Дядя Генри надел очки, достал бумаги из кармана сюртука и развернул их с видом человека, который уже знает, что в них содержится.

— Страховщиком выступала «Сазерн бенефит», фирма Эдгара Пурьера? Не было ли еще других?

— Нет. «Сазерн бенефит» должна выплатить полную сумму.

Дядя Генри со вздохом сложил полис и убрал его обратно в карман.

— Тогда, моя дорогая, боюсь, никаких денег не будет. Эдгар и его страховая компания «Сазерн бенефит» — банкроты. Во время депрессии не один ваш дом стал жертвой поджога.

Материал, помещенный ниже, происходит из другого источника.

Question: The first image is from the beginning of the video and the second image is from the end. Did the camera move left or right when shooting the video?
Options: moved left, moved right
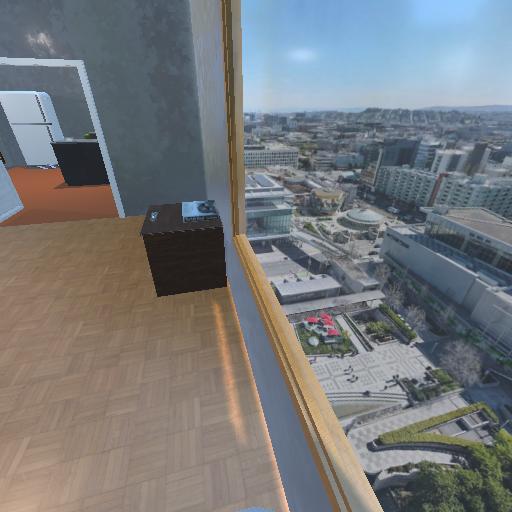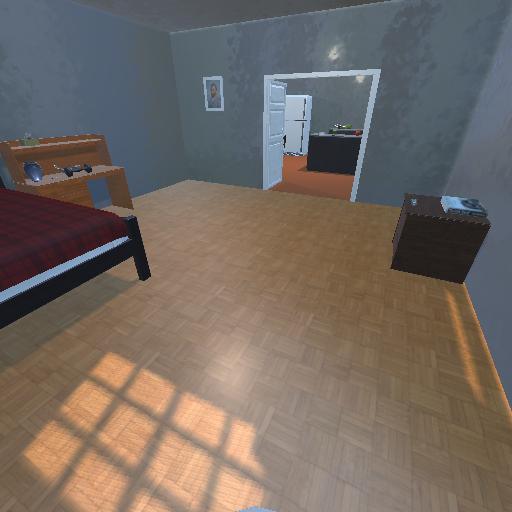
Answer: moved left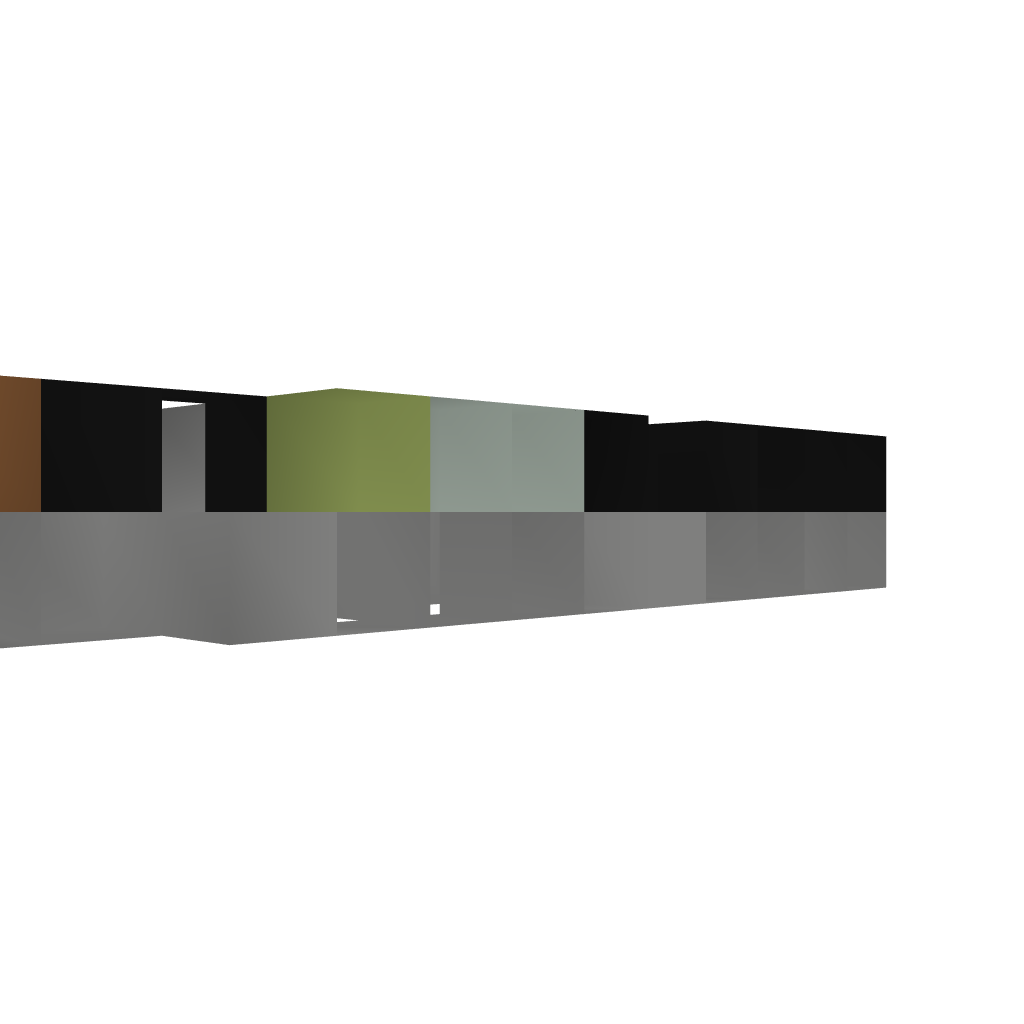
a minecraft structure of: Dusk to Dawn Switch with Override

Теперь нахмурилась Скарлетт.

— Кто-то пытается меня уничтожить.

— Что ты такое говоришь? Кто…

— Не знаю, — сказала Скарлетт и встряхнула головой, словно отгоняя наваждение, — Не важно. Генри, тут ничего не поделаешь. Думаешь, двойной участок на Пичтри-стрит что-нибудь принесет?

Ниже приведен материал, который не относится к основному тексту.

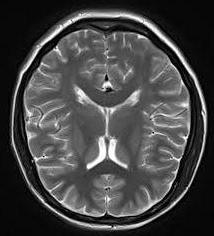
Label: notumor
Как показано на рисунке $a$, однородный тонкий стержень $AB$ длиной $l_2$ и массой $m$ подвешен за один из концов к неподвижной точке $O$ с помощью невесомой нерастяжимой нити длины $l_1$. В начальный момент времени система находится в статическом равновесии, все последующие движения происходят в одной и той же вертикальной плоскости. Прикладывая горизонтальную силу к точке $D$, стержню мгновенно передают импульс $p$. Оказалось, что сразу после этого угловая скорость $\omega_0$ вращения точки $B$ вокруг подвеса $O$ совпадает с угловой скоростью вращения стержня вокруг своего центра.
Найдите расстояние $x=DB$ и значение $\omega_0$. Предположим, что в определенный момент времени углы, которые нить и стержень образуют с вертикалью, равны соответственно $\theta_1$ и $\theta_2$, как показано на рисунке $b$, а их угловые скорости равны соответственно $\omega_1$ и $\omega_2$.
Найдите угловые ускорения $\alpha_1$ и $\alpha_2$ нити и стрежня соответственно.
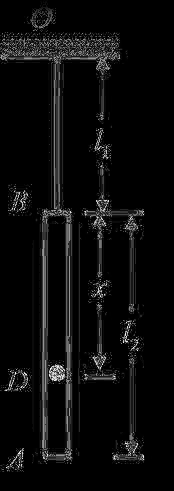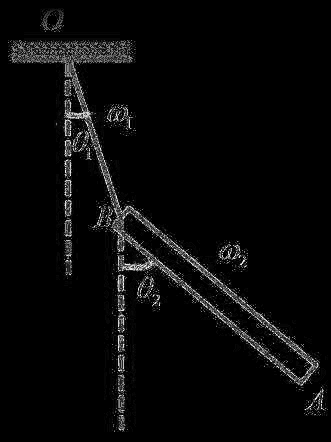
Найдите расстояние $x=DB$ и значение $\omega_0$.
Ответ: $$x = \left[ \frac{1}{2} + \frac{l_2}{6 \left( 2l_1 + l_2 \right)} \right] l_2,$$ $$\omega_0 = \frac{2p}{m \left( 2l_1 + l_2 \right)}$$

Найдите угловые ускорения $\alpha_1$ и $\alpha_2$ нити и стрежня соответственно.
Ответ: $$\alpha_{1}=-\frac{2 g\left[\sin \theta_{1}+3 \cos \theta_{2} \sin \Delta \theta\right]+3 l_{1} \omega_{1}^{2} \sin \left[2\Delta \theta\right]+4 l_{2} w_{2}^{2} \sin \Delta \theta}{2 l_{1}\left[1+3 \sin ^{2}\Delta \theta\right]},$$ $$\alpha_{2}=\frac{12 g \cos \theta_{1} \sin \Delta \theta+12 l_{1} \omega_{1}^{2} \sin \Delta \theta+3 l_{2} \omega_{2}^{2} \sin \left[2\Delta \theta\right]}{2 l_{2}\left[1+3 \sin ^{2}\Delta \theta\right]},$$ где $\Delta \theta=\theta_1-\theta_2$.
Темы:
T, Механика, Динамика, Китайские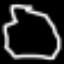
Label: octagon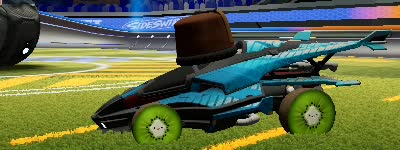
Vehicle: aftershock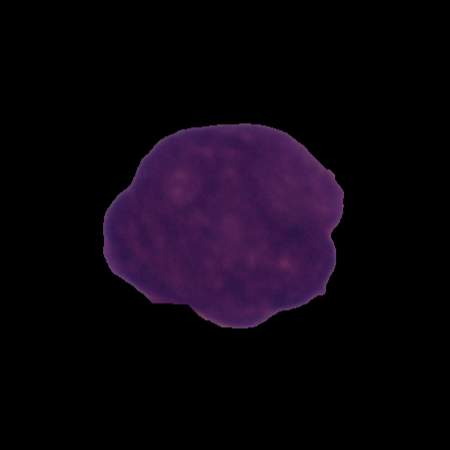
Label: cancer
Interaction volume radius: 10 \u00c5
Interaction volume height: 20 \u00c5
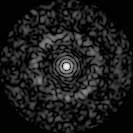
Disorder parameter: 0.832

— Постараюсь продать, — ответил дядя Генри.

В то утро, когда дядя Генри отбыл назад в Атланту, дождь не пошел, и вообще дожди прекратились. Почва прогрелась, к удовлетворению Уилла. Лошади Тары отдохнули и были рады снова поработать. В третье воскресенье марта Уилл Бентин отправился к негритянским хижинам — сообщить работникам Тары, что в понедельник для них будет работа.

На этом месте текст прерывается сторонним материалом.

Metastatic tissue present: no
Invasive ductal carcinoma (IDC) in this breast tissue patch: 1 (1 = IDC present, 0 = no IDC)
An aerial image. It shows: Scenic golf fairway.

— Обычная плата для взрослого работника. Двадцать пахарей, двадцать сеятелей. Начнем на рассвете на полях у реки.

В понедельник еще затемно Уилл с Сэмом загрузили семена, подкапывающие лемехи и запасные гужи в длинный фургон. Когда они повели рабочих лошадей вниз по извилистой дороге, еще не рассвело, но путь был знаком, свет и не требовался. Внизу у реки тянуло холодком; Сэм дремал, а Уилл курил трубку.

Небо посветлело, в низинах пока держался туман. Проснулись и запели птицы. Уилл выколотил трубку, соскочил с фургона наземь и потянулся. Он плотно позавтракал, приготовившись к длинному рабочему дню.

В десять утра, галопом прискакав в негритянское поселение, Уилл обнаружил там только женщин и детей. Жены сообщали, что рабочие, которых он ждал, либо заболели, либо отправились на заработки в Атланту, либо уехали навестить родственников. Одна из негритянок посмотрела ему в глаза и сказала:

— Знаете ведь, как оно, мистер Уилл.

— Нет, Сейди, не знаю. Я готов начать сев, а у меня нет рабочих. Я плачу хорошие деньги и всегда поступал по cтраведливости. Нет, не знаю, как оно.

Женщина не грубо, но твердо закрыла дверь прямо перед носом Уилла.

Негры не выходили работать в Таре, а соседям надо было сеять свой хлопок. Эшли пришел помочь, а Моисей отказался.